Tenda darurat pun sengaja dibuat untuk antisipasi warga karena gempa terhitung sering terjadi. Dalam dua hari saja, meski di bawah magnitudo empat, gempa terus terjadi. Diduga gempa itu berpusat di barat daya kaki Gunung Salak.
Dari data Badan Meteorologi, Klimatologi dan Geofisika (BMKG), lima hingga dua kali gempa terjadi pada 19 Agustus, yakni pukul 08:13 dan 22:52 WIB, dengan kekuatan 2,5-3 magnitudo. Lalu pada Rabu (21/8) dini hari terjadi hingga magnitudo 3,9, yang membuat warga berhamburan keluar rumah. Kemudian pada pukul 11:24 dan 20:49 WIB dengan kekuatan magnitudo 3,3-3,4.
Tak kurang 80 Kepala Keluarga (KK) atau sekitar 250 jiwa pun hingga kini masih mengungsi di tenda darurat yang didirikan Badan Penanggulangan Bencana Daerah (BPBD) maupun masyarakat setempat.
“Tenda darurat sengaja kami buat bareng BPBD untuk antisipasi karena gempa terus-terusan terjadi. Tapi sampai malam ini (kemarin, red) warga sudah berangsur pulang ke rumah masing-masing karena gempa juga sudah tidak terjadi lagi,” kata Camat Nanggung Mulyadi kepada Metropolitan, kemarin.
Ia mengakui rasa khawatir menjadi dasar dibuatnya tenda darurat agar bisa ditangani bersama BPBD, meski gempa yang terjadi di bawah magnitudo tiga. Tenda itu dibuat untuk sekitar 30-50 warga. Apalagi kebanyakan warga di Malasari rumahnya masih terbuat dari kayu, sehingga masih cukup aman jika gempa terjadi.
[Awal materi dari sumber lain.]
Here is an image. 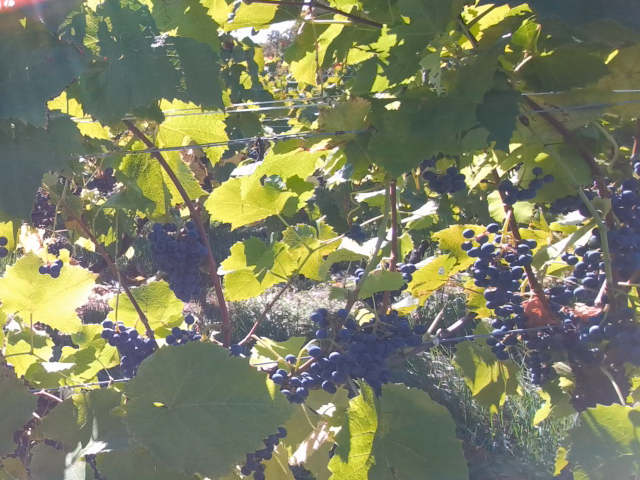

Pemerintah Kabupaten (Pemkab) Bogor pun bakal mendistribusikan bantuan logistik seperti sembako ke Desa Malasari, sembari menunggu kajian dari BMKG yang tengah mengkaji jenis gempa yang terjadi. “Lagi ada tim dari BMKG untuk melihat kontur tanah di sini gimana. Nanti datanya ke BPBD, baru ke wilayah. Kami akui ya, warga trauma lah. Makanya tenda tetap dipertahankan beberapa hari ke depan, sembari menunggu bantuan dan hasil kajian dari BMKG, gempa apa yang terjadi beberapa hari ini,” jelasnya.
Tercatat sedikitnya sembilan rumah rusak akibat gempa dengan kedalaman 24 kilometer di wilayah Kabupaten Sukabumi, Provinsi Jawa Barat, pada Rabu (21/8) sekira pukul 03:06 WIB. ”Bantuan sudah dikirim, termasuk kebutuhan tenda,” ujar Sekretaris BPBD Kabupaten Bogor Budi Pranowo, Kamis (22/8).
Terpisah, Kepala Bidang Informasi Gempa Bumi dan Peringatan Dini Tsunami BMKG, Daryono, mengakui seringnya terjadi gempa tersebut menambah resah masyarakat. Banyak pertanyaan warga yang dilontarkan kepada BMKG terkait meningkatnya aktivitas gempa di wilayah Kabupaten Bogor itu. Diperkirakan termasuk gempa kategori tiga, yang dicirikan dengan munculnya aktivitas gempa yang berlangsung secara terus-menerus dengan magnitudo yang relatif kecil tanpa ada gempa utama.